Workflow Name: RunComfy/Video-Character-Replacement-MoCha

Workflow ID: 0000...1304

With this workflow, you can transform existing videos by replacing actors or characters while maintaining natural motion, lighting, and camera perspective. Built for creators who need cinematic realism, it supports detailed appearance mapping and consistent movement. You can easily tailor character identity and expression to fit any scene. Ideal for storytellers, visual artists, and filmmakers seeking AI-assisted production efficiency. The process ensures rich, lifelike video output with minimal editing effort.

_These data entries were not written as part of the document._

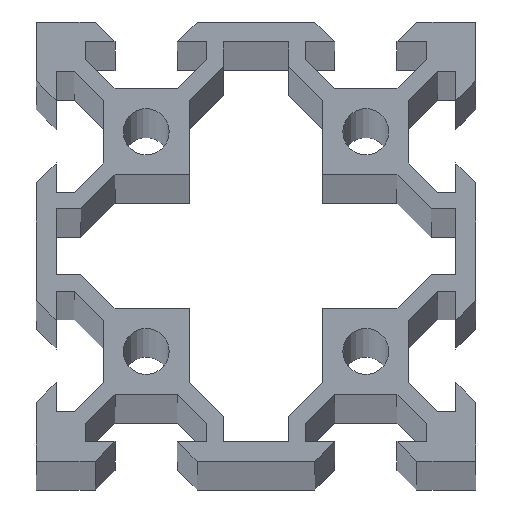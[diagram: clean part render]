
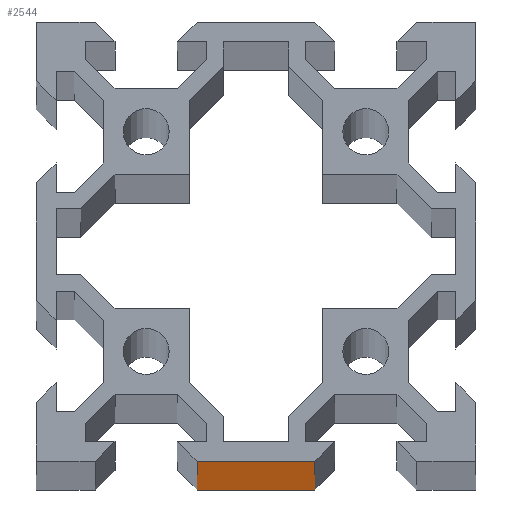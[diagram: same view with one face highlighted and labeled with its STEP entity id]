
A CAD part, top view. The second image highlights one B-rep face of the part: STEP entity #2544.
In plain terms, the highlighted planar face has unit normal (0, -1, 0).
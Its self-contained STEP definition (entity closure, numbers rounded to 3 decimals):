
#125=FACE_OUTER_BOUND($,#256,.T.);
#256=EDGE_LOOP($,(#2102,#2103,#2104,#2105));
#360=LINE($,#3453,#696);
#489=LINE($,#3704,#825);
#545=LINE($,#3822,#881);
#597=LINE($,#3932,#933);
#696=VECTOR($,#2806,10.72);
#825=VECTOR($,#2947,10.72);
#881=VECTOR($,#3039,1500.);
#933=VECTOR($,#3207,1500.);
#1030=VERTEX_POINT($,#3450);
#1031=VERTEX_POINT($,#3452);
#1146=VERTEX_POINT($,#3701);
#1147=VERTEX_POINT($,#3703);
#1268=EDGE_CURVE($,#1030,#1031,#360,.T.);
#1397=EDGE_CURVE($,#1147,#1146,#489,.T.);
#1457=EDGE_CURVE($,#1146,#1031,#545,.T.);
#1509=EDGE_CURVE($,#1147,#1030,#597,.T.);
#2102=ORIENTED_EDGE($,*,*,#1397,.T.);
#2103=ORIENTED_EDGE($,*,*,#1457,.T.);
#2104=ORIENTED_EDGE($,*,*,#1268,.F.);
#2105=ORIENTED_EDGE($,*,*,#1509,.F.);
#2308=PLANE($,#2673);
#2544=ADVANCED_FACE($,(#125),#2308,.T.);
#2673=AXIS2_PLACEMENT_3D($,#3931,#3205,#3206);
#2806=DIRECTION($,(1.,0.,0.));
#2947=DIRECTION($,(1.,0.,0.));
#3039=DIRECTION($,(0.,0.,1.));
#3205=DIRECTION('center_axis',(0.,-1.,0.));
#3206=DIRECTION('ref_axis',(1.,0.,0.));
#3207=DIRECTION($,(0.,0.,1.));
#3450=CARTESIAN_POINT('',(4.64,-30.,1500.));
#3452=CARTESIAN_POINT('',(15.36,-30.,1500.));
#3453=CARTESIAN_POINT($,(4.64,-30.,1500.));
#3701=CARTESIAN_POINT('',(15.36,-30.,0.));
#3703=CARTESIAN_POINT('',(4.64,-30.,0.));
#3704=CARTESIAN_POINT($,(4.64,-30.,0.));
#3822=CARTESIAN_POINT($,(15.36,-30.,0.));
#3931=CARTESIAN_POINT('Origin',(4.64,-30.,0.));
#3932=CARTESIAN_POINT($,(4.64,-30.,0.));

Video Character Replacement (MoCha) workflow for ComfyUI

This workflow delivers end‑to‑end Video Character Replacement (MoCha): swap a performer in a real video with a new character while preserving motion, lighting, camera perspective, and scene continuity. Built around the Wan 2.1 MoCha 14B preview, it aligns a reference identity to the source performance, then synthesizes a coherent, edited clip and an optional side‑by‑side comparison. It is designed for filmmakers, VFX artists, and AI creators who need precise, high‑quality character swaps with minimal manual cleanup.

The pipeline combines robust first‑frame masking with Segment Anything 2 (SAM 2), MoCha’s motion‑aware image embeddings, WanVideo sampling/decoding, and an optional portrait assist that improves face fidelity. You provide a source video and one or two reference images; the workflow produces a finished replacement video plus an A/B compare, making iterative evaluation of Video Character Replacement (MoCha) fast and practical.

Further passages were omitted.